As the end of the month approaches, Patty becomes stressed as she watches Susan and the rest of the secretaries become more and more manic. Susan starts drinking and driving, Peaches begins to binge eat, Dawn becomes more sexually aggressive, and Ashley becomes violently jealous over the fact that Patty wins secretary of the month.

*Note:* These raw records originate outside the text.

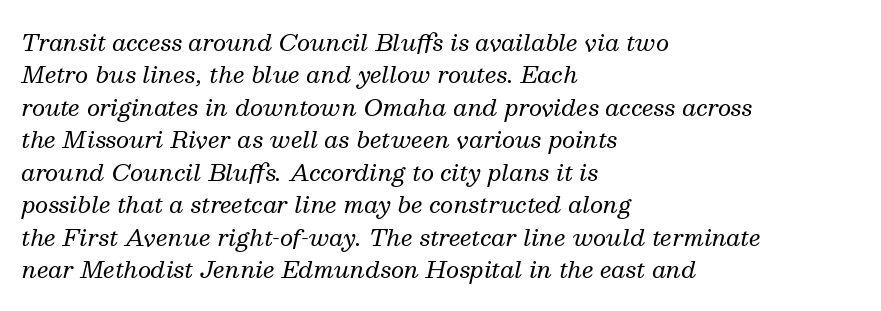
In terms of posture, this sample is oblique. The letterforms sit at book weight or below. You could call the tracking neutral — neither tight nor loose. No word sits above an underline. Rows of type keep a routine distance in the vertical direction. Line beginnings align vertically; line endings do not.
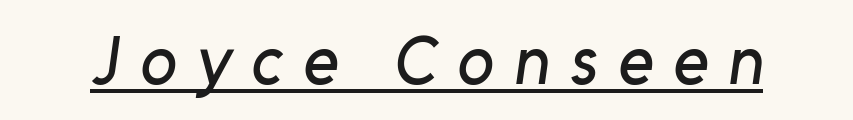
{"serif": "no", "width": "normal", "stroke_contrast": "low", "x_height": "medium", "monospaced": "no", "underline": "yes", "letter_spacing": "wide", "letter_spacing_em": 0.29, "glyph_px": 68}
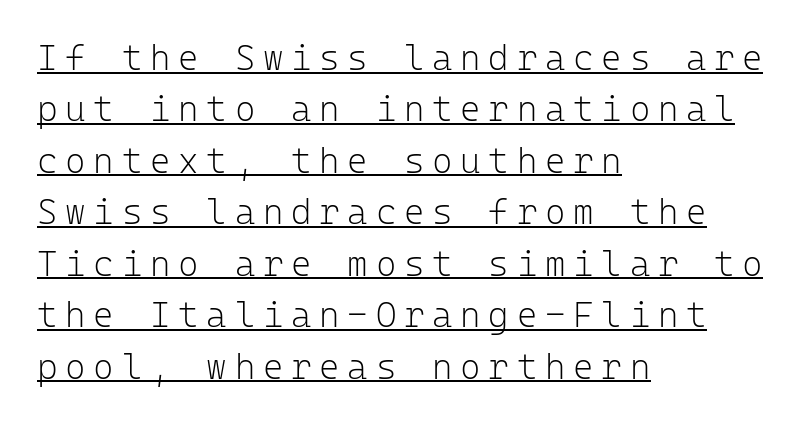
The image shows 35 px light sans-serif type, upright, monospaced; set left-aligned, normal line spacing (1.47x), unusually wide letter spacing (+0.22 em), underlined; low stroke contrast and a medium x-height.
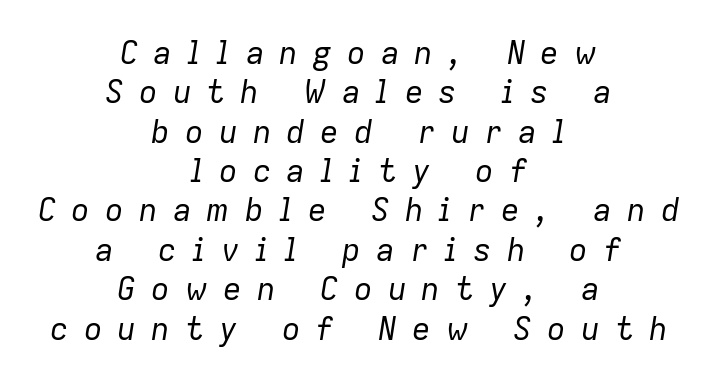
Q: Is the text bold? A: No.
Q: Is the text italic (slanted)? A: Yes, it leans right by about 9 degrees.
Q: Is the text underlined? A: No.
Q: How is the paragraph aligned? A: Centered.
Q: Is the spacing between letters normal or unusually wide? A: Unusually wide.
Q: Is the spacing between lines tight, normal or loose? A: Normal.
Q: Width (condensed, normal, or wide)? A: Normal.
Q: Stroke contrast? A: Low.
Q: x-height? A: Medium.
Q: Monospaced? A: No.
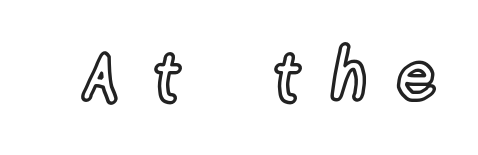
Q: Is the text italic (slanted)? A: Yes.
Q: Is the text underlined? A: No.
Q: Is the spacing between letters normal or unusually wide? A: Unusually wide.
Q: Width (condensed, normal, or wide)? A: Condensed.
Q: x-height? A: Medium.
Q: Monospaced? A: No.
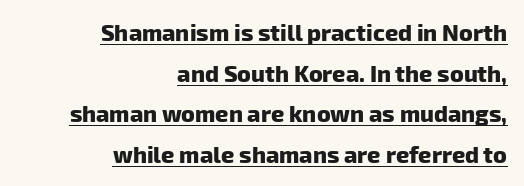
Q: Is the text bold? A: Yes.
Q: Is the text underlined? A: Yes.
Q: How is the paragraph aligned? A: Right-aligned.
Q: Is the spacing between letters normal or unusually wide? A: Normal.
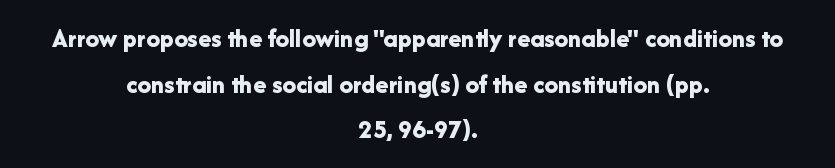
Q: Is the text bold? A: Yes.
Q: Is the text italic (slanted)? A: No, it is upright.
Q: Is the text underlined? A: No.
Q: How is the paragraph aligned? A: Centered.
Q: Is the spacing between letters normal or unusually wide? A: Normal.
Q: Is the spacing between lines tight, normal or loose? A: Normal.
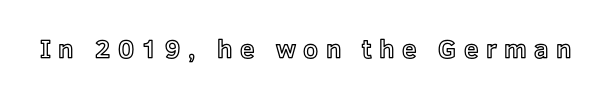
Q: Is the text italic (slanted)? A: No, it is upright.
Q: Is the text underlined? A: No.
Q: Is the spacing between letters normal or unusually wide? A: Unusually wide.
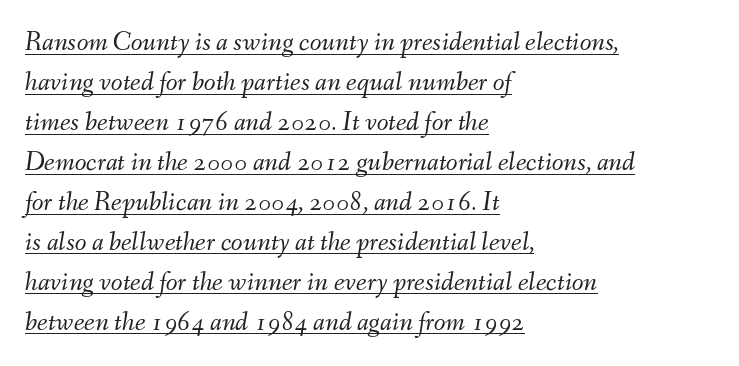
Compared with undecorated copy, this sample adds a rule below the words. No extra ink here — the face is not bold. If you drew a ruler down the left edge, every line would touch it. Does extra space separate the letters? No, they use regular spacing. Rendered with sloped, italic letterforms.
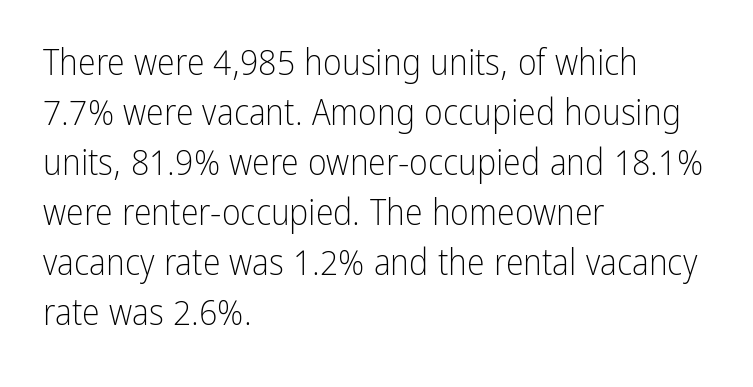
The image shows 36 px light, condensed sans-serif type, upright; set left-aligned, normal line spacing (1.39x), normal letter spacing, not underlined; low stroke contrast and a medium x-height.
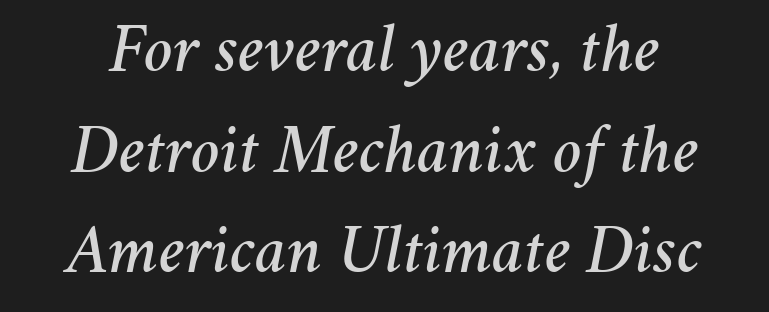
Q: Is the text italic (slanted)? A: Yes, it leans right by about 11 degrees.
Q: Is the text underlined? A: No.
Q: Is the spacing between letters normal or unusually wide? A: Normal.
Q: Is the spacing between lines tight, normal or loose? A: Normal.
Q: Width (condensed, normal, or wide)? A: Normal.
Q: Stroke contrast? A: Medium.
Q: x-height? A: Medium.
Q: Monospaced? A: No.
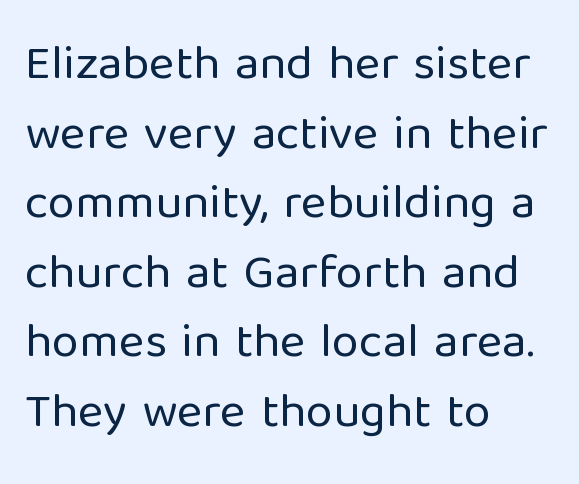
The strokes are not fattened; the text isn't bold. The rows are spaced the way most documents space them. Glyph-to-glyph distance matches everyday printed text. Does the copy run flush right? No — it runs flush left. I'd call this a sans setting — the letters go barefoot. Think of a printed novel: that variable character pitch is what you see here.
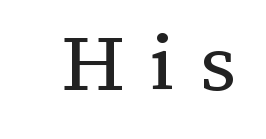
The glyphs in this specimen are seriffed. The type is letterspaced generously, with wide tracking. The font's upright variant was chosen for this text. The passage shown is not underscored anywhere. Varying glyph widths throughout — classic text-font behaviour.
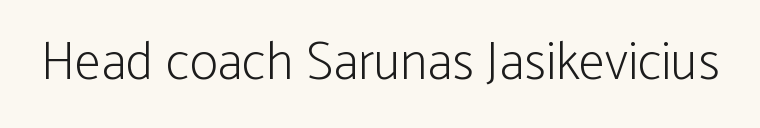
Q: Is the text bold? A: No.
Q: Is the text italic (slanted)? A: No, it is upright.
Q: Is the typeface a serif or a sans-serif typeface? A: Sans-serif.
Q: Is the text underlined? A: No.
Q: Is the spacing between letters normal or unusually wide? A: Normal.
Q: Width (condensed, normal, or wide)? A: Condensed.
Q: Stroke contrast? A: Low.
Q: x-height? A: Medium.
Q: Monospaced? A: No.
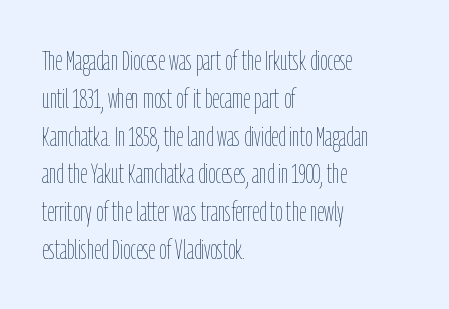
{"italic": "no", "bold": "no", "weight": "thin", "width": "condensed", "stroke_contrast": "low", "x_height": "medium", "monospaced": "no", "underline": "no", "align": "left", "line_spacing": "normal", "line_spacing_ratio": 1.35, "letter_spacing": "normal", "letter_spacing_em": 0.0, "glyph_px": 28}
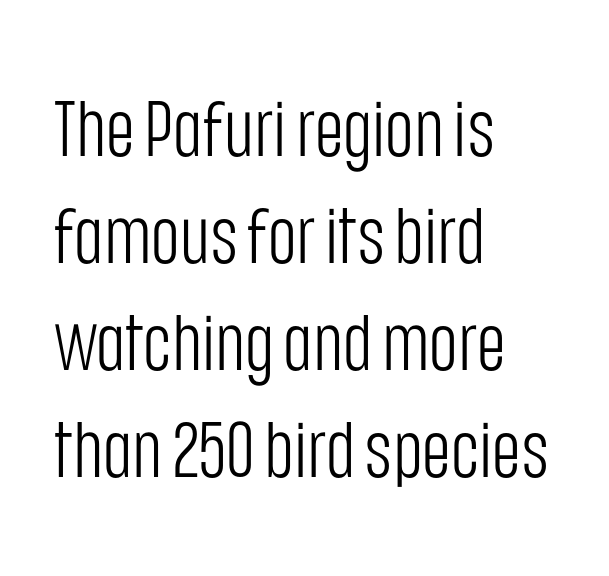
The passage shown has conventional tracking throughout. Think of a printed novel: that variable character pitch is what you see here. Each stroke keeps to a modest, everyday thickness or less. Designer's note — italics off, roman on. Plain, unruled lines of type.
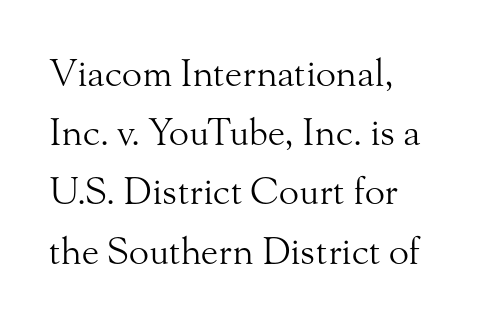
{"serif": "yes", "italic": "no", "bold": "no", "weight": "light", "width": "normal", "stroke_contrast": "medium", "x_height": "small", "monospaced": "no", "underline": "no", "line_spacing": "normal", "line_spacing_ratio": 1.6, "letter_spacing": "normal", "letter_spacing_em": 0.0, "glyph_px": 37}
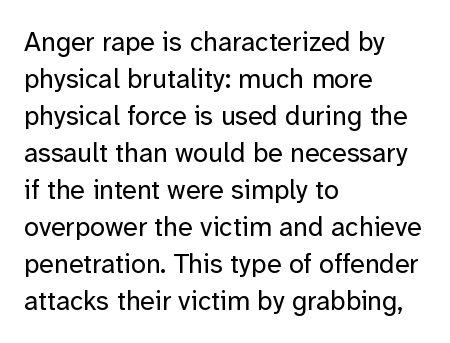
The image shows 27 px text type, upright; set left-aligned, normal line spacing (1.37x), normal letter spacing, not underlined.
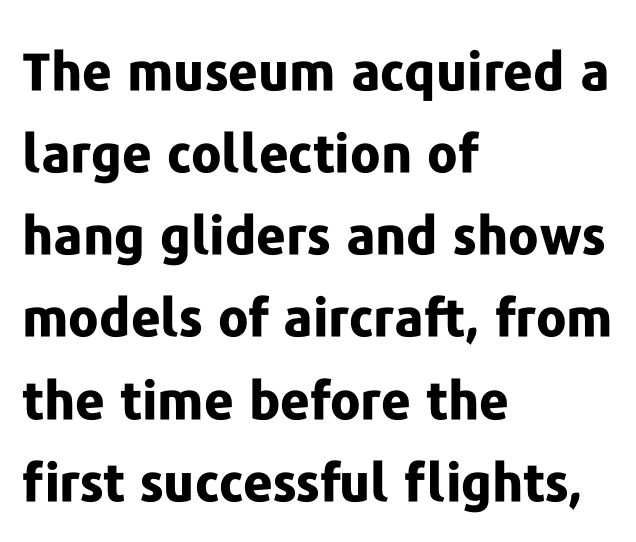
The image shows 52 px bold sans-serif type, upright; set left-aligned, normal line spacing (1.58x), normal letter spacing, not underlined; low stroke contrast and a medium x-height.

On the last night of the month, Susan gathers the secretaries in the woods to kill a lumberjack, in this case, Buzz, and to steal his jacket for Patty, the newest member of the cult, to wear. While Patty resists at first, she quickly breaks down and admits that she wants to join in with the plan. After the women take turns chain sawing Buzz to death, the play ends with another short and chilling rhyme: "Patty's got her jacket now. She fits in with the rest. She cut her boyfriend into bits, and so she passed the test. Save? No. We’re way beyond saving. We’re at the end. We should provide a moral for this story, but this is not a moral tale or complex allegory. No, we prefer you think of this as purely cautionary. Remember, sitting next to you could be a secretary!".

== Reception ==
The Secretaries was widely reviewed upon opening as more comical than it was meaningful. James Hannaham of The Village Voice wrote, "The Secretaries [is] funnier than it is plot-driven and potentially taxing at an hour and a half". Ben Brantley of The New York Times described The Secretaries as a "sometimes very funny, exercise in subverting American images of womanhood" that "plays on anxious male fantasies of what women do when they’re alone together; straight women's fantasies of lesbians (they're predatory)". Reviewers also agreed that the show was too long for a plot that is forecast from the opening scene: "What [Director Kate Stafford] doesn’t do is edit…the last half hour of the play drags, in part because the climax has been foretold but mostly because of repetition". While the show was not without its critiques, most reviewers also noted that the show had an enthusiastic audience: "Judging from the exultantly knowing audience reactions the night I saw the play, this cult of man-sawing office girls seems destined to find a cult of its own".